Consider $H(X) - L(C) = - \sum_{i =1}^{L} p_{i} \log_{2}(p_i) - \sum_{i =1}^{L} p_{i} n_{i}$ where $n_1, n_2, \ldots, n_L$ are codeword length of a prefix free code $C$.

\[\begin{align*}H(X) - L(C) &= \sum_{i = 1}^{L} p_{i} \log_{2}(\frac{1}{p_i}) + \sum_{i =1}^{L} p_i \log_{2}2^{-n_i} \\ H(X) - L(C) &= \sum_{i = 1}^{L} p_i \log_2 \bigg(\frac{2^{-n_i}}{p_i}\bigg)\end{align*}\]

Using the inequality,

\[\sum_{i = 1}^{L} p_i \log_2 (\frac{2^{-n_i}}{p_i}) = \frac{1}{\ln(2)}\sum_{i=1}^{L}\ln(\frac{2^{-n_i}}{p_i} )\leq \frac{1}{\ln(2)} \sum_{i=1}^{L} p_i (\frac{2^{-n_i}}{p_i} - 1)\]

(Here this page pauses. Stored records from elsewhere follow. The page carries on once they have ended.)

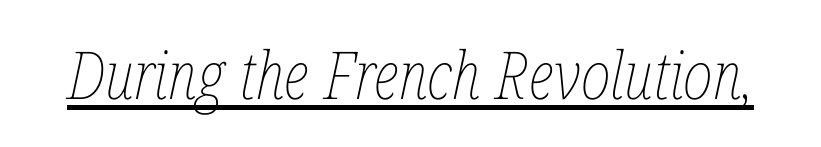
The image shows 66 px thin, condensed type, italic (leaning right); set normal letter spacing, underlined; low stroke contrast and a medium x-height.
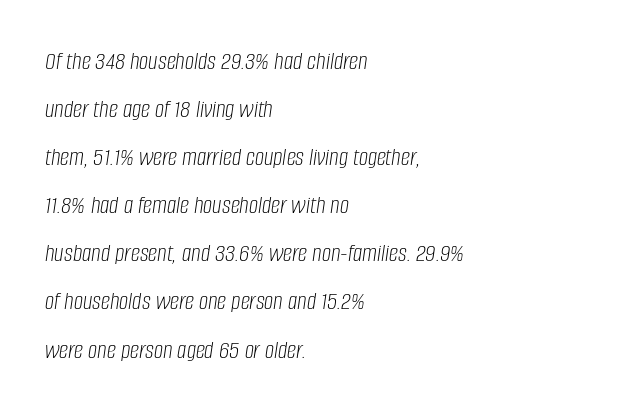
The letters look calm and open, with moderate or lighter stems. Descenders are the only things crossing below the line. Typeset ragged right — the left edge is the straight one. Glyph-to-glyph distance matches everyday printed text. If you drew a line through each stem, it would be angled.
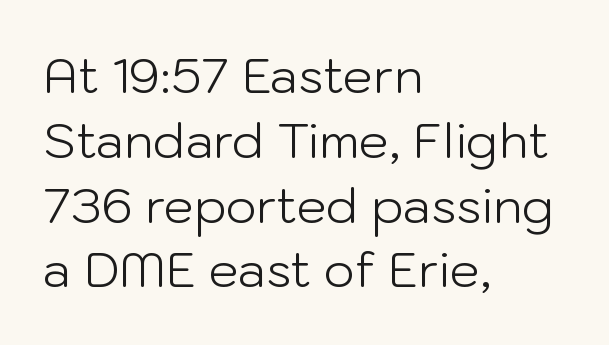
The image shows 48 px light sans-serif type, upright; set left-aligned, normal line spacing (1.35x), normal letter spacing, not underlined; low stroke contrast and a medium x-height.
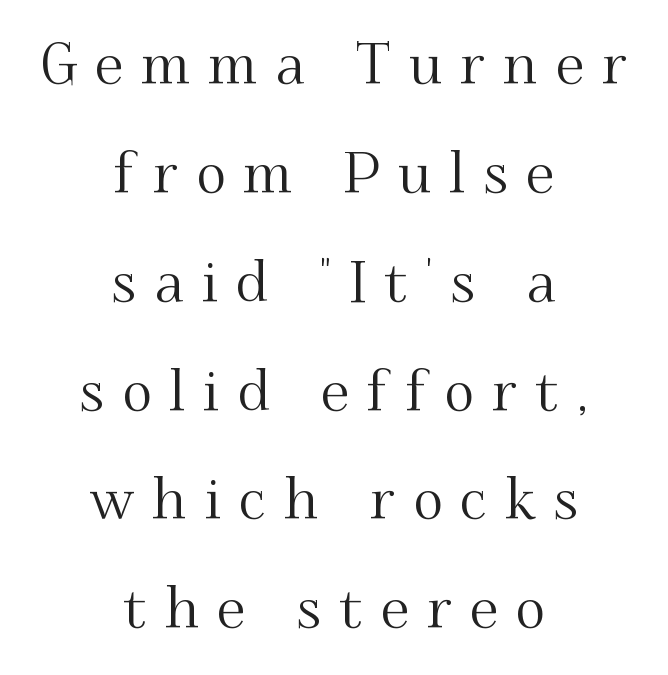
The image shows 57 px serif type, upright; set centered, loose line spacing (1.91x), unusually wide letter spacing (+0.32 em), not underlined; medium stroke contrast and a small x-height.
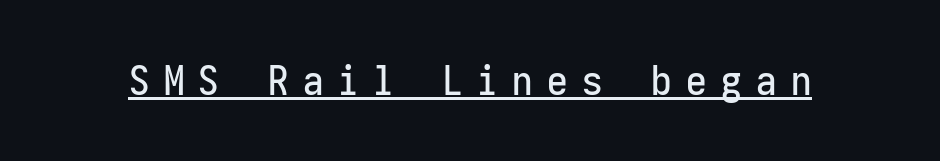
The line texture is sparse and dotted thanks to wide tracking. The lettering holds an erect, upright posture throughout. The face used here is monospaced, like something from a code editor. Type style note: lacks serifs. The face used here appears with an underline applied.
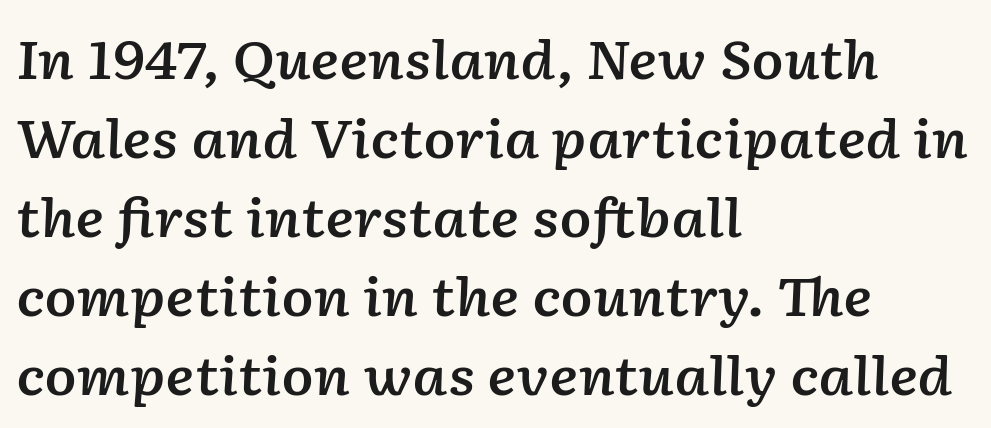
{"italic": "yes", "lean": "right", "slant_degrees": 2, "bold": "semi", "weight": "semibold", "width": "normal", "stroke_contrast": "low", "x_height": "medium", "monospaced": "no", "underline": "no", "align": "left", "line_spacing": "normal", "line_spacing_ratio": 1.49, "letter_spacing": "normal", "letter_spacing_em": 0.0, "glyph_px": 53}
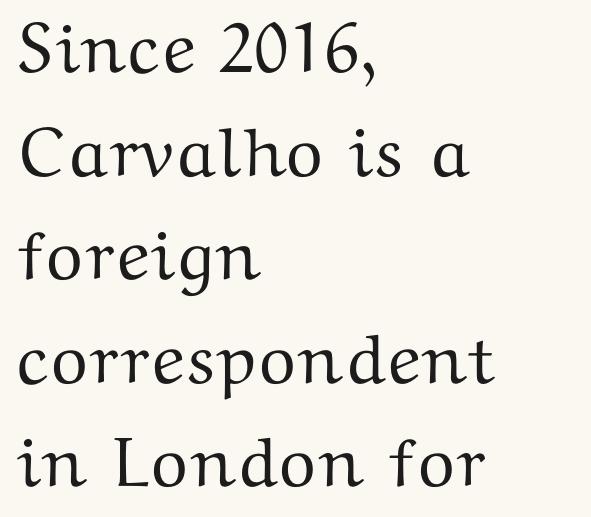
Regarding leading, the lines here are spaced in the standard way. Does the lettering tilt? It doesn't — this is upright. This sample uses a serif face. Do the characters align in a grid? No, the font is proportional. The rendering anchors every line to the left-hand side. The gaps between neighbouring characters are ordinary and unremarkable.
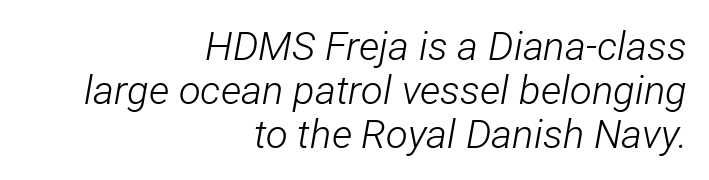
{"italic": "yes", "lean": "right", "slant_degrees": 12, "bold": "no", "weight": "light", "width": "condensed", "stroke_contrast": "low", "x_height": "medium", "monospaced": "no", "underline": "no", "align": "right", "line_spacing": "tight", "line_spacing_ratio": 1.1, "letter_spacing": "normal", "letter_spacing_em": 0.0, "glyph_px": 40}

On further simplification we have,

\[\sum_{i = 1}^{L} p_i \log_2 (\frac{2^{-n_i}}{p_i}) = \frac{1}{\ln(2)}\sum_{i=1}^{L}\ln(\frac{2^{-n_i}}{p_i}) \leq \frac{1}{\ln(2)}(\sum_{i=1}^{L} 2^{-n_i} - \sum_{i=1}^{L} p_i )\] \[\sum_{i = 1}^{L} p_i \log_2 (\frac{2^{-n_i}}{p_i}) = \frac{1}{\ln(2)}\sum_{i=1}^{L}\ln(\frac{2^{-n_i}}{p_i}) \leq \frac{1}{\ln(2)} \sum_{i=1}^{L} 2^{-n_i} - 1\]

By Krafts Inequality,

\[\sum_{i=1}^{L} 2^{-n_i} \leq 1\]

As a result,

\[H(X) - L(C) \leq 0\]
Second part of Proof
\[L(C) < H(X) + 1\]

Choose a codeword such that $2^{-n_i} \leq p_i < 2^{-n_i + 1}$, $\forall i = 1, \ldots, L$ and $p_i \neq 0$.

$n_1, \ldots n_L$ are the codeword lengths.

Choosing $n_i$ such that for every $p_i$ the following is true:

\[\begin{align*}\underbrace{\sum_{i=1}^{L}2^{-n_i} \leq \sum_{i=1}^{L}p_i} &< \sum_{i=1}^{L}2^{-n_i + 1} \\ \sum_{i=1}^{L}2^{-n_i} \leq 1 \end{align*}\]

satisfies the Kraft’s Inequality. This implies there are codewords which are prefix free.

From the assumption we have,

\[2^{-n_i} \leq \underbrace{p_i < 2^{-n_i + 1}}\]

Take $\log$ on second part of inequality.

\[\begin{align*}\log_{2} p_i &< \log_{2} 2^{-n_i + 1} \\ \log_{2} p_i &< -n_i + 1 \\ n_i &< -\log_{2}p_i + 1\end{align*}\]

Multiply by $p_i$ on LHS and RHS,

\[\begin{align*} p_{i}n_{i} &< -p_{i}\log_{2}p_{i} + p_{i} \\ \sum_{i = 1}^{L}p_{i}n_{i} &< - \sum_{i=1}^{L}p_{i}\log_{2}p_i + \sum_{i = 1}^{L}p_i\\ \implies L(C) &< H(X)+1 \end{align*}\]

The above suggests that good code word exists.